Me aferré a la camisa de Oscar. Él me había soltado las muñecas cuando yo caí hacia adelante, y ahora sus manos estaban sobre mi espalda y él me estaba sosteniendo cerca de sí. Podía sentir el latido de su corazón. Me recordaba a Pedro, cuando había colapsado encima de mí en la iglesia.


En algún lugar de mi mente, vi su rostro cuando se estrelló contra mí, esa última vez en el altar. Vi la mirada reverente en sus ojos al observar mi cuerpo. Nunca había estado expuesta ante alguien de esa manera. No desde pequeña, y en ese entonces, también había sido con él. Y me sentía preciosa, sagrada, porque era delante de él que estaba desnuda; él que lo sabía todo acerca de mí, que siempre estaba ahí para mí.


–Pensé que esas cosas eran algo especial. Pensé que tenían otro significado. Nunca había sentido algo así antes. Él dijo que no debía contarle a nadie. Él dijo que todo quedaría arruinado si lo contaba.


Oscar me agarró con más fuerza.


–Puedes contarme, Paula. Puedes decirme cualquier cosa.


–No puedo. Le pertenezco ahora. Él tenía razón. Estoy arruinada.


Su corazón comenzó a latir con más velocidad.


– ¡No le perteneces a nadie salvo a ti misma! – Oscar dijo las palabras con firmeza. –Nadie puede arruinarte. Sin importar lo que te hagan, no pueden arruinarte.


– ¡No sabes lo que sucedió!


–Creo que tengo una buena idea– dijo con suavidad.


– ¡No, no la tienes! – Lo empujé para alejarlo y alcé la vista en dirección al bosque. –Sólo quería saber si él tendría otras putitas. Si él tenía sexo con el rostro de todas. Si él está en el bosque, cogiendo su rostro ahora. Si él...


–Espera, Paula. ¿Estás hablando de Pedro?


Me detuve. Mis ojos se abrieron y tropecé hacia atrás, con las manos sobre mi boca.


Oscar dio un paso hacia adelante.


–No– susurré.


Él elevó sus manos.


–No haré nada que no quieras–. Él tragó. –¿Fue Pedro quien te dijo esas cosas?


No pude mirarlo.


– ¿Él te hizo esas cosas, Paula? ¿Él te dijo que estabas arruinada?


No pude moverme.
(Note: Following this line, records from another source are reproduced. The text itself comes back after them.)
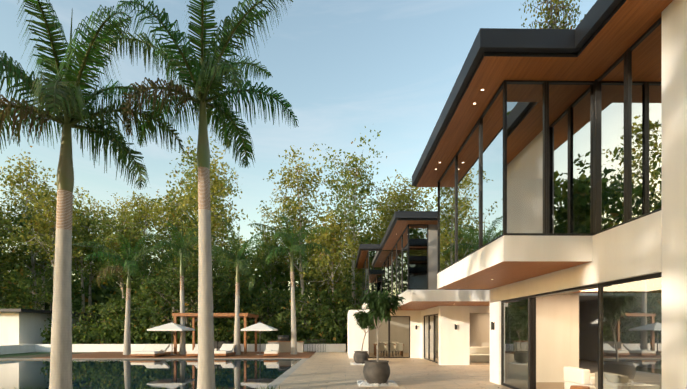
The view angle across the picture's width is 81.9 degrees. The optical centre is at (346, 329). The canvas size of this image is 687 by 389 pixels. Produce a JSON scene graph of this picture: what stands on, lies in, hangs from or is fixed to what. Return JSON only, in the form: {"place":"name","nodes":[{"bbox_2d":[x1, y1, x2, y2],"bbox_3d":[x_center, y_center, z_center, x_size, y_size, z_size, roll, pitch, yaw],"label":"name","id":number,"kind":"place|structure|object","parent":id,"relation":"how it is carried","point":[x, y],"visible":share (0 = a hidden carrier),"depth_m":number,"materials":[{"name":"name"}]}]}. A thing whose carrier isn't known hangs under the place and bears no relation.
{"place":"outdoors","nodes":[
{"label":"outdoors","id":0,"kind":"place"},
{"bbox_2d":[0,352,50,357],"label":"lawn","id":1,"kind":"structure","parent":0,"point":[18,354],"depth_m":27.88,"materials":[{"name":"green plant"}]},
{"bbox_2d":[0,309,100,345],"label":"pool house","id":2,"kind":"structure","parent":1,"relation":"on","point":[20,326],"depth_m":30.93,"materials":[{"name":"paint"}]},
{"bbox_2d":[0,0,184,388],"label":"palm","id":3,"kind":"object","parent":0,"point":[70,100],"visible":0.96,"depth_m":9.08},
{"bbox_2d":[0,360,299,388],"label":"pool water","id":4,"kind":"structure","parent":0,"point":[150,374],"depth_m":16.24,"materials":[{"name":"teal liquid"}]},
{"bbox_2d":[0,343,346,358],"bbox_3d":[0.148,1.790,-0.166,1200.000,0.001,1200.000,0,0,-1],"label":"ground","id":5,"kind":"structure","parent":0,"point":[30,356],"depth_m":25.90,"materials":[{"name":"stone"}]},
{"bbox_2d":[0,358,308,388],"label":"pool coping","id":6,"kind":"object","parent":5,"relation":"in","point":[276,382],"visible":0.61,"depth_m":23.38,"materials":[{"name":"stone"}]},
{"bbox_2d":[31,351,314,358],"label":"pool deck","id":7,"kind":"structure","parent":5,"relation":"on","point":[306,354],"depth_m":25.39,"materials":[{"name":"brown wood"}]},
{"bbox_2d":[72,233,167,354],"bbox_3d":[-14.712,-2.536,26.862,5.508,8.650,5.224,0,0,35],"label":"palm tree","id":8,"kind":"object","parent":7,"relation":"on","point":[130,263],"visible":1,"depth_m":27.06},
{"bbox_2d":[130,344,170,356],"bbox_3d":[-12.702,1.365,25.662,1.600,0.730,2.000,0,0,3],"label":"lounge chair","id":9,"kind":"object","parent":7,"relation":"on","point":[148,349],"visible":1,"depth_m":25.92,"materials":[{"name":"white fabric"}]},
{"bbox_2d":[147,323,194,354],"bbox_3d":[-11.920,0.595,26.973,2.311,2.270,2.311,0,0,-1],"label":"umbrella","id":10,"kind":"object","parent":7,"relation":"on","point":[171,327],"visible":0.96,"depth_m":26.22,"materials":[{"name":"white fabric"}]},
{"bbox_2d":[0,344,345,354],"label":"perimeter wall","id":11,"kind":"structure","parent":7,"relation":"on","point":[15,349],"depth_m":30.89,"materials":[{"name":"paint"}]},
{"bbox_2d":[140,221,217,354],"bbox_3d":[-11.778,-2.973,27.534,5.485,9.525,4.160,0,0,-1],"label":"palm tree","id":12,"kind":"object","parent":7,"relation":"on","point":[181,249],"visible":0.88,"depth_m":27.41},
{"bbox_2d":[186,344,197,356],"bbox_3d":[-9.704,1.365,25.853,0.900,0.730,2.000,0,0,-4],"label":"lounger","id":13,"kind":"object","parent":7,"relation":"on","point":[192,353],"visible":0.38,"depth_m":24.88,"materials":[{"name":"white fabric"}]},
{"bbox_2d":[172,313,258,353],"bbox_3d":[-9.447,0.309,29.007,5.200,2.840,3.560,0,0,-1],"label":"pergola","id":14,"kind":"object","parent":7,"relation":"on","point":[193,316],"visible":0.79,"depth_m":27.27,"materials":[{"name":"brown wood"}]},
{"bbox_2d":[214,344,235,355],"bbox_3d":[-8.056,1.365,26.025,0.900,0.730,2.000,0,0,1],"label":"lounger","id":15,"kind":"object","parent":7,"relation":"on","point":[225,349],"visible":0.85,"depth_m":26.08,"materials":[{"name":"white fabric"}]},
{"bbox_2d":[196,218,272,354],"bbox_3d":[-7.798,-2.761,27.651,5.242,9.100,5.690,0,0,-1],"label":"palm tree","id":16,"kind":"object","parent":7,"relation":"on","point":[239,259],"visible":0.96,"depth_m":27.19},
{"bbox_2d":[241,323,277,354],"bbox_3d":[-5.919,0.595,26.954,2.111,2.270,2.111,0,0,-1],"label":"umbrella","id":17,"kind":"object","parent":7,"relation":"on","point":[259,327],"visible":0.98,"depth_m":26.17,"materials":[{"name":"white fabric"}]},
{"bbox_2d":[264,344,279,356],"bbox_3d":[-4.904,1.365,25.868,0.900,0.730,2.000,0,0,-7],"label":"lounger","id":18,"kind":"object","parent":7,"relation":"on","point":[275,349],"visible":0.98,"depth_m":26.15,"materials":[{"name":"white fabric"}]},
{"bbox_2d":[248,214,332,354],"bbox_3d":[-3.473,-3.148,27.439,5.236,9.875,5.428,0,0,43],"label":"palm tree","id":19,"kind":"object","parent":7,"relation":"on","point":[293,246],"visible":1,"depth_m":27.49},
{"bbox_2d":[267,335,324,351],"bbox_3d":[-3.761,1.095,29.733,4.290,1.270,0.800,0,0,-1],"label":"outdoor kitchen","id":20,"kind":"object","parent":7,"relation":"on","point":[283,342],"visible":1,"depth_m":29.39,"materials":[{"name":"grey stone"}]},
{"bbox_2d":[0,178,349,309],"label":"tree belt","id":21,"kind":"object","parent":5,"relation":"on","point":[34,245],"depth_m":51.77,"materials":[{"name":"green plant"}]},
{"bbox_2d":[40,317,344,343],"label":"wall shrubs","id":22,"kind":"object","parent":5,"relation":"on","point":[99,335],"depth_m":31.82,"materials":[{"name":"green plant"}]},
{"bbox_2d":[0,123,437,348],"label":"tree","id":23,"kind":"object","parent":5,"relation":"on","point":[321,270],"visible":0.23,"depth_m":35.34,"materials":[{"name":"green plant"}]},
{"bbox_2d":[0,176,437,343],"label":"thicket","id":24,"kind":"object","parent":5,"relation":"on","point":[96,297],"visible":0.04,"depth_m":48.76,"materials":[{"name":"green plant"}]},
{"bbox_2d":[99,0,298,388],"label":"palm","id":25,"kind":"object","parent":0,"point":[211,69],"visible":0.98,"depth_m":10.12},
{"bbox_2d":[214,341,232,350],"bbox_3d":[-9.346,1.310,28.908,1.800,0.840,2.100,0,0,-1],"label":"pergola dining set","id":26,"kind":"object","parent":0,"point":[217,344],"visible":0.35,"depth_m":28.41,"materials":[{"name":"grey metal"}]},
{"bbox_2d":[0,0,596,308],"label":"sky","id":27,"kind":"structure","parent":0,"point":[343,67],"materials":[{"name":"blue"}]},
{"bbox_2d":[275,352,597,388],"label":"terrace paving","id":28,"kind":"structure","parent":0,"point":[326,370],"depth_m":15.58,"materials":[{"name":"stone"}]},
{"bbox_2d":[2,383,279,388],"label":"plants","id":29,"kind":"object","parent":28,"relation":"on","point":[191,387],"visible":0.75,"depth_m":10.80,"materials":[{"name":"green plant"}]},
{"bbox_2d":[350,310,379,364],"bbox_3d":[0.982,0.392,20.367,1.620,2.795,1.459,0,0,-1],"label":"potted tree","id":30,"kind":"object","parent":28,"relation":"on","point":[364,322],"visible":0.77,"depth_m":20.03,"materials":[{"name":"green plant"}]},
{"bbox_2d":[357,287,405,386],"bbox_3d":[1.119,0.196,13.137,1.547,3.187,1.663,0,0,-1],"label":"potted tree","id":31,"kind":"object","parent":28,"relation":"on","point":[381,305],"visible":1,"depth_m":12.74,"materials":[{"name":"green plant"}]},
{"bbox_2d":[347,0,686,388],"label":"house","id":32,"kind":"structure","parent":28,"relation":"on","point":[544,245],"depth_m":7.99,"materials":[{"name":"paint"}]},
{"bbox_2d":[373,342,403,356],"bbox_3d":[2.786,1.333,26.672,2.000,0.888,2.100,0,0,-1],"label":"dining set","id":33,"kind":"object","parent":32,"relation":"on","point":[383,346],"depth_m":25.63,"materials":[{"name":"white wood"}]},
{"bbox_2d":[470,347,489,361],"bbox_3d":[7.203,1.383,21.706,2.500,0.788,1.150,0,0,-1],"label":"lounge sofa","id":34,"kind":"object","parent":32,"relation":"on","point":[479,354],"visible":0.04,"depth_m":21.38,"materials":[{"name":"white fabric"}]},
{"bbox_2d":[519,0,585,28],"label":"roof garden tree","id":35,"kind":"object","parent":32,"relation":"on","point":[552,22],"visible":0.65,"depth_m":10.75,"materials":[{"name":"green plant"}]},
{"bbox_2d":[570,385,589,388],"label":"table","id":36,"kind":"object","parent":32,"relation":"on","point":[578,387],"visible":1,"depth_m":9.41,"materials":[{"name":"brown wood"}]},
{"bbox_2d":[564,366,597,388],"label":"living room chairs","id":37,"kind":"object","parent":32,"relation":"in","point":[578,376],"visible":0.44,"depth_m":9.85,"materials":[{"name":"white fabric"}]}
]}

Tampoco mirarlo. Con suerte, no trataría de tocarme otra vez.


–No estás arruinada, Paula– dijo él con suavidad. –Pero quizás sea mejor que te vayas a casa ahora.


Alcé la vista para mirarlo.


– ¿Qué quieres decir?


–No estoy enojado contigo. Es sólo que creo que no deberías estar aquí cuando Pedro vuelva.


– ¿Por qué?


–Él y yo tenemos algunas cosas de que hablar–. Oscar me entregó el almuerzo desechado que yo no había terminado. Aquel que él me había dado cuando me senté. Su almuerzo. –Aquí, puedes llevarte esto contigo.


Lo tome, aunque probablemente no pudiera comerlo. No, tenía que hacerlo. Era un almuerzo hermoso. Costoso.


No debería desperdiciarse.


–Eres hermosa, Paula– dijo él, en el momento en el que di la vuelta para irme. –Y no importa lo que te dijo Pedro.


Nada en este mundo puede arruinarte. No le perteneces a él ni a nadie, sólo a ti misma.